Blackwater, The Privatization of War And Public Enemy Number One


When we evaluate the facts, the use of private military contractors appears to have harmed, rather than helped, the counterinsurgency efforts of the U.S. mission in Iraq, going against our best doctrine and undermining critical efforts of our troops. Even worse, the government can no longer carry out one of its most basic core missions: to fight and win the nation's wars. Instead, the massive outsourcing of military operations has created a dependency on private firms like Blackwater that has given rise to dangerous vulnerabilities.The dark truth about Blackwater

The idea of privatization of American public and governmental functions has been at the center of the neo conservative movement and over the last decade has been presented as the cure for everything that ails us from Social Security to Medicare, prison administration to public education, law enforcement and even the waging of war.

This idea that private enterprise can accomplish governmental functions more efficiently, at less cost while providing better service is, of course absurd and, in fact, is nothing but an enormous lie, and, like all enormous lies, if repeated often and loudly by the right authority figures and affirmed in "scholarly" studies performed by the Heritage or American Enterprise think tanks, it will take hold and seem, to a sizable portion of the uncritical public, to be the truth, simply because they have heard it so many times from so many familiar voices.

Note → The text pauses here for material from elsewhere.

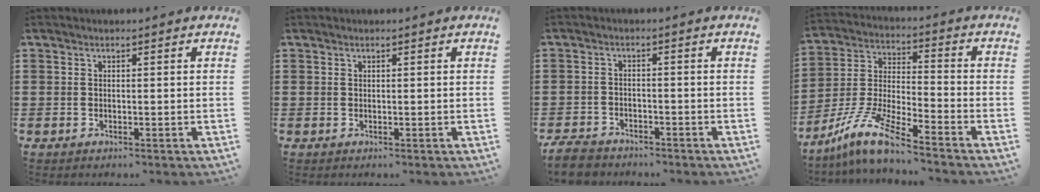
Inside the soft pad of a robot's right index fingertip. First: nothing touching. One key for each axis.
{"total": 0.0}
{"total": 3.4, "fx": -3.2, "fy": 0.9, "fz": 0.8, "tx": -0.030, "ty": 0.000, "tz": -0.070}
{"total": 9.6, "fx": -8.0, "fy": 0.7, "fz": 5.3, "tx": -0.135, "ty": -0.002, "tz": -0.167}

The marketing/propaganda professionals of the Cheney /Bush administration have carefully studied their Goebbels and know that the truth is what they can sell to those gullible enough to believe it especially when delivered in a climate of xenophobic, racist or religious fear, and due to the fact that a large percentage of our citizenry are either unable to look at their government and the wider corporate culture which largely dictates public policy, with a properly suspicious eye, or simply doesn't give a damn as long as no one threatens to take away their snowmobiles, shotguns and cheap access to the mind numbing inanity of popular culture and celebrity, the great lies become public truths and "common knowledge."

Seven years ago the people of this country nearly elected a federal administration that came to office expressing a hatred of government and an intention to reduce the size and influence of it in regulating the affairs of the ruling capitalist class, while at the same time charting a course to invade the lives and privacy and reduce the fundamental freedoms of the lesser classes. How anyone could expect those who despise government and representative democracy to govern effectively and efficiently is well beyond my understanding.

After their near election and illegal appointment to the highest offices in a government that they had absolutely no respect for, Cheney and Bush along with their corporate mafia criminal associates began to strip the federal regulatory agencies of dedicated professionals who took the job of regulating business and industry in the interest of public health and safety seriously, and started replacing them with industry cronies who simply stopped enforcing the laws so that businesses could achieve greater profits.

Pause for a brief digressive rant

"The business of America is business," Cal Coolidge said eighty some years ago, and these guys heard the phrase in Grandpa's Sunday sermons and Grandma's lullabies before they learned to read.
"Need a comprehensive national energy policy? Just holler down the hall from Cheney's office and a half dozen current and former big oil Poobahs will write it up for you including emphasis on the necessity of gaining pipeline routes through Afghanistan and control of Iraq and Iran's oil. They'll phony up the intelligence, everything, a turnkey operation"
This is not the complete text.